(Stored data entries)
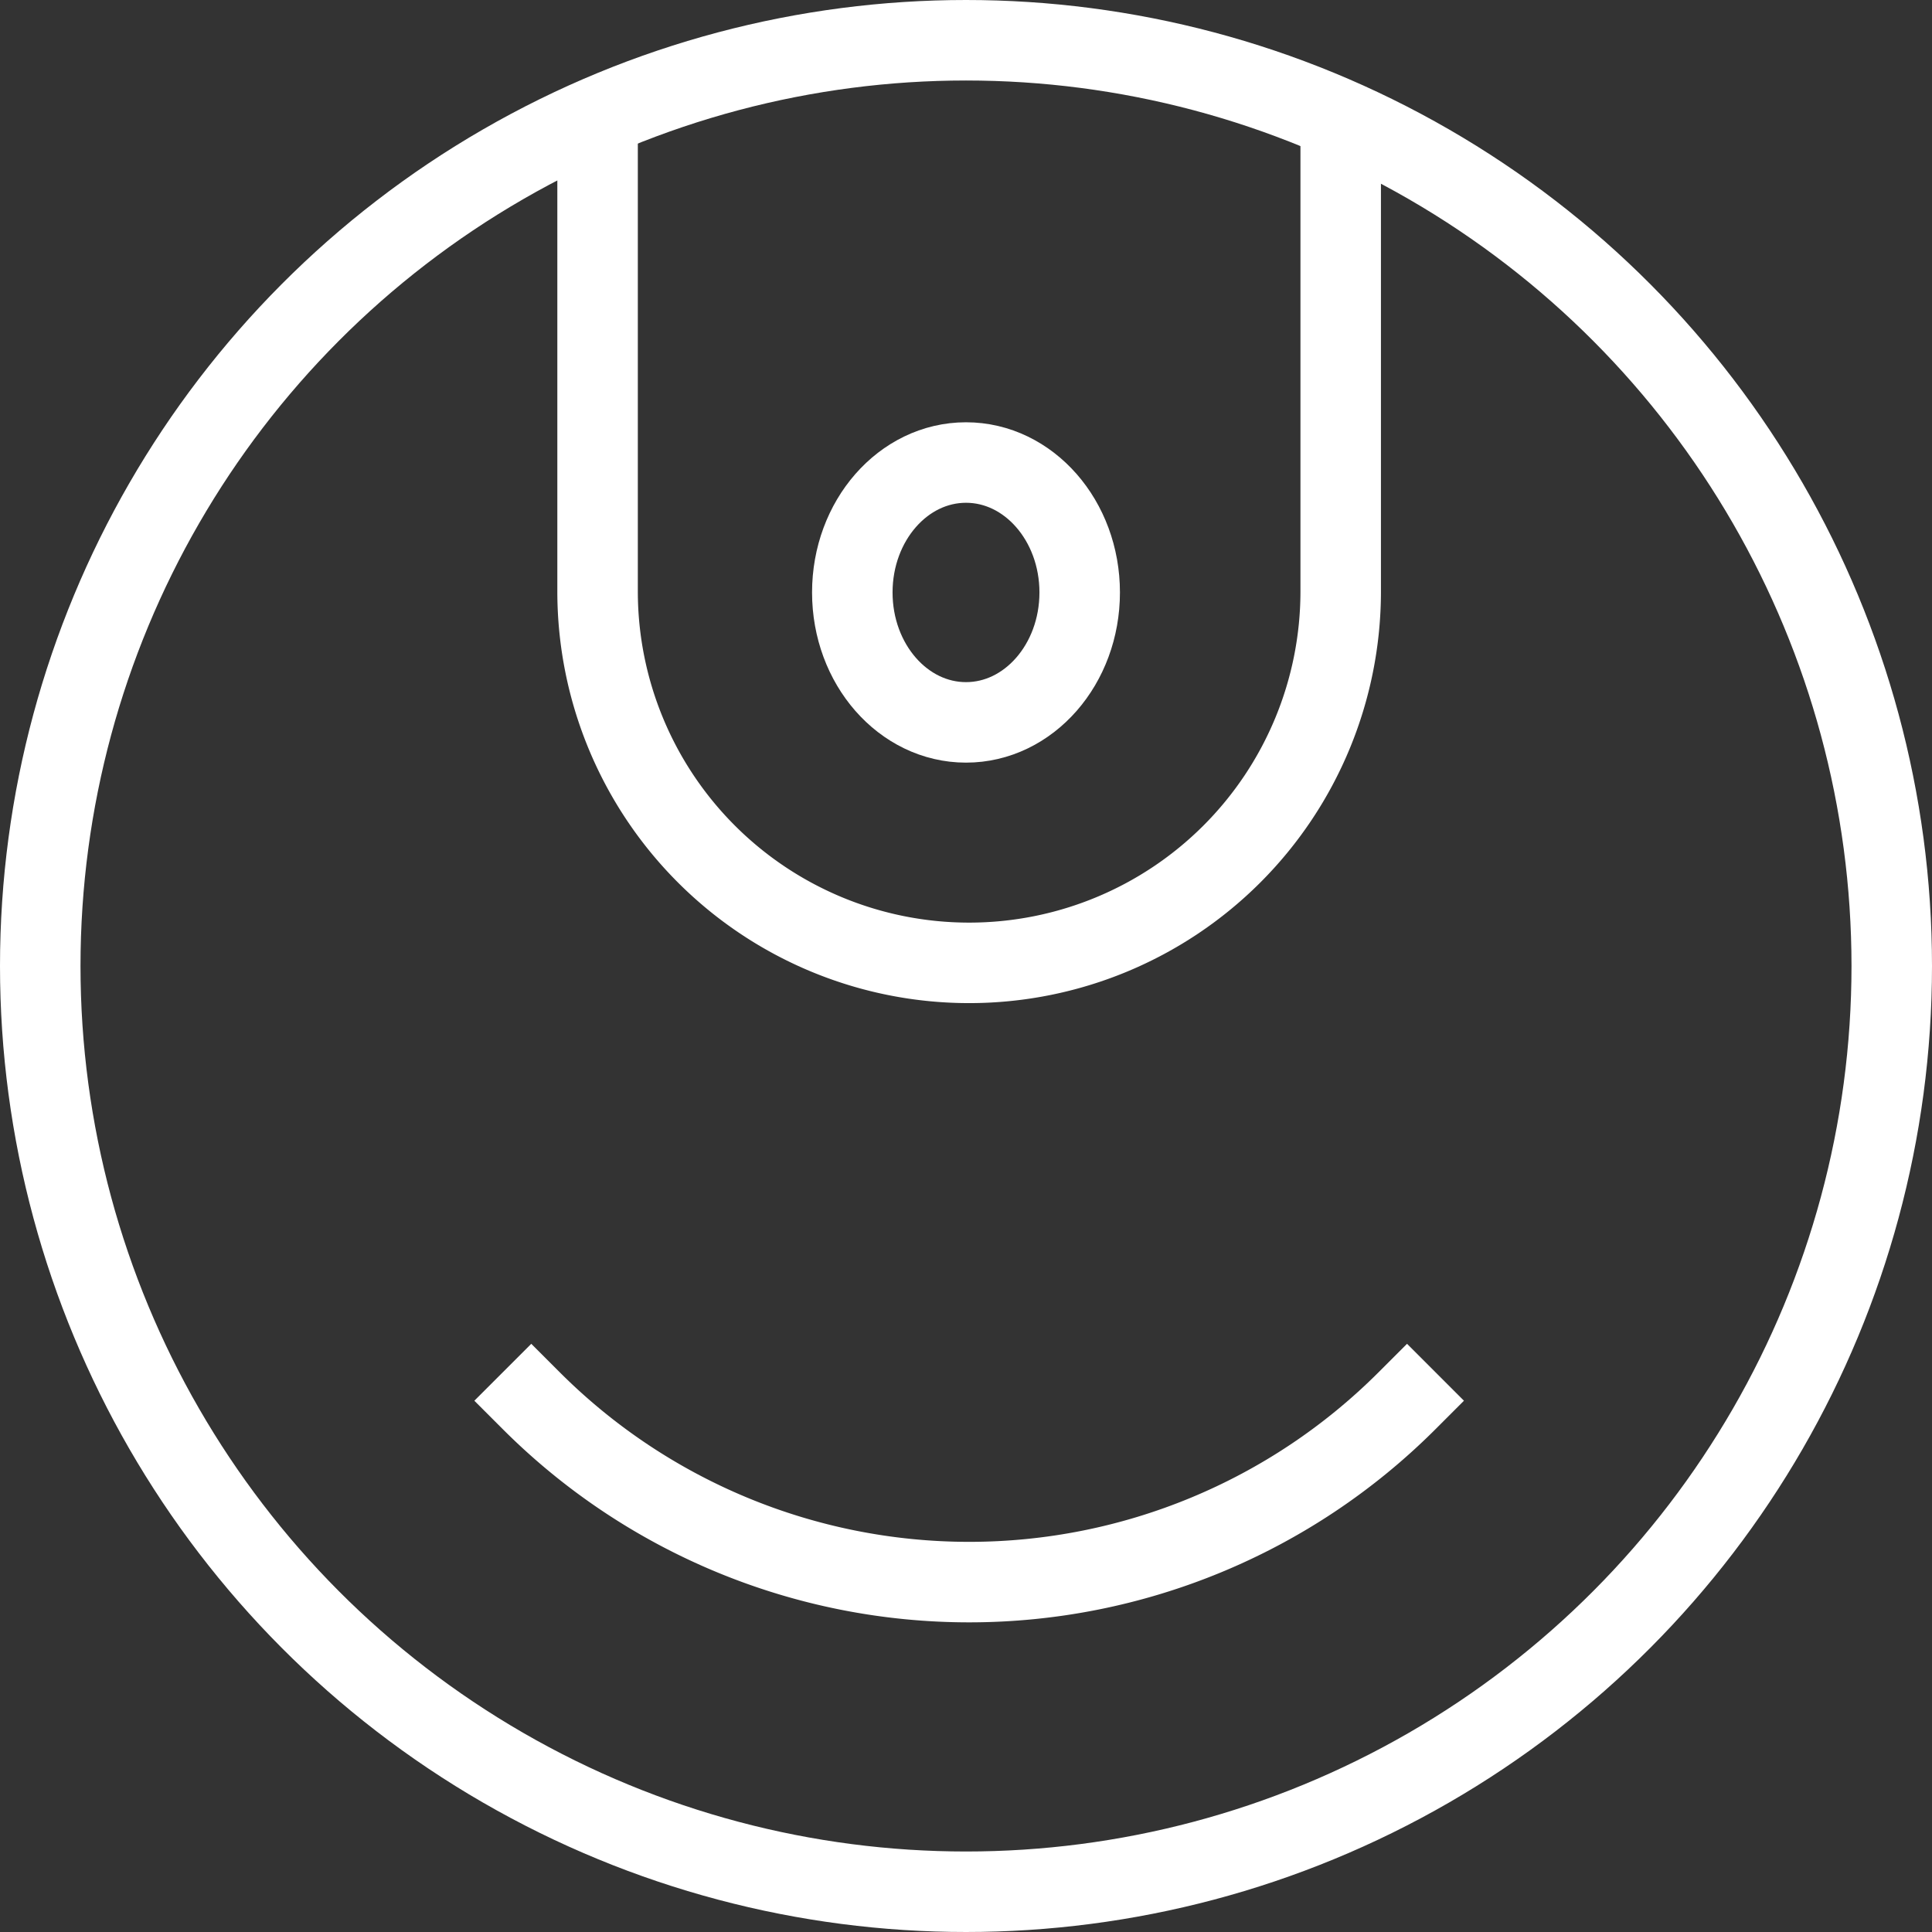 <svg xmlns="http://www.w3.org/2000/svg" width="72" height="72" viewBox="0 0 72 72">
  <rect x="0" y="0" width="72" height="72" fill="#333333" stroke="none"/>
  <g id="robot-cleaner" transform="translate(0.5 0.327)">
    <circle id="Ellipse_11" data-name="Ellipse 11" cx="34.5" cy="34.5" r="34.5" transform="translate(1 1.173)" fill="none" stroke="#fff" stroke-miterlimit="10" stroke-width="3"/>
    <ellipse id="Ellipse_12" data-name="Ellipse 12" cx="4.237" cy="4.842" rx="4.237" ry="4.842" transform="translate(31.263 16.91)" fill="none" stroke="#fff" stroke-miterlimit="10" stroke-width="3"/>
    <path id="Path_223" data-name="Path 223" d="M10,2.25V20.135a13.847,13.847,0,1,0,27.694,0V2.25" transform="translate(11.77 1.574)" fill="none" stroke="#fff" stroke-miterlimit="10" stroke-width="3"/>
    <path id="Path_224" data-name="Path 224" d="M8.929,23.071a23.078,23.078,0,0,0,32.637,0" transform="translate(10.37 28.803)" fill="none" stroke="#fff" stroke-linecap="square" stroke-miterlimit="10" stroke-width="3"/>
  </g>
</svg>

[HOW TO COMPLETE THIS TASK]
Every line above should be repeated exactly; pictures stay out of the copy.

[ANSWER TO THIS TASK]
 <svg xmlns="http://www.w3.org/2000/svg" width="72" height="72" viewBox="0 0 72 72">
  <rect x="0" y="0" width="72" height="72" fill="#333333" stroke="none"/>
  <g id="robot-cleaner" transform="translate(0.5 0.327)">
    <circle id="Ellipse_11" data-name="Ellipse 11" cx="34.5" cy="34.5" r="34.5" transform="translate(1 1.173)" fill="none" stroke="#fff" stroke-miterlimit="10" stroke-width="3"/>
    <ellipse id="Ellipse_12" data-name="Ellipse 12" cx="4.237" cy="4.842" rx="4.237" ry="4.842" transform="translate(31.263 16.91)" fill="none" stroke="#fff" stroke-miterlimit="10" stroke-width="3"/>
    <path id="Path_223" data-name="Path 223" d="M10,2.25V20.135a13.847,13.847,0,1,0,27.694,0V2.25" transform="translate(11.77 1.574)" fill="none" stroke="#fff" stroke-miterlimit="10" stroke-width="3"/>
    <path id="Path_224" data-name="Path 224" d="M8.929,23.071a23.078,23.078,0,0,0,32.637,0" transform="translate(10.37 28.803)" fill="none" stroke="#fff" stroke-linecap="square" stroke-miterlimit="10" stroke-width="3"/>
  </g>
</svg>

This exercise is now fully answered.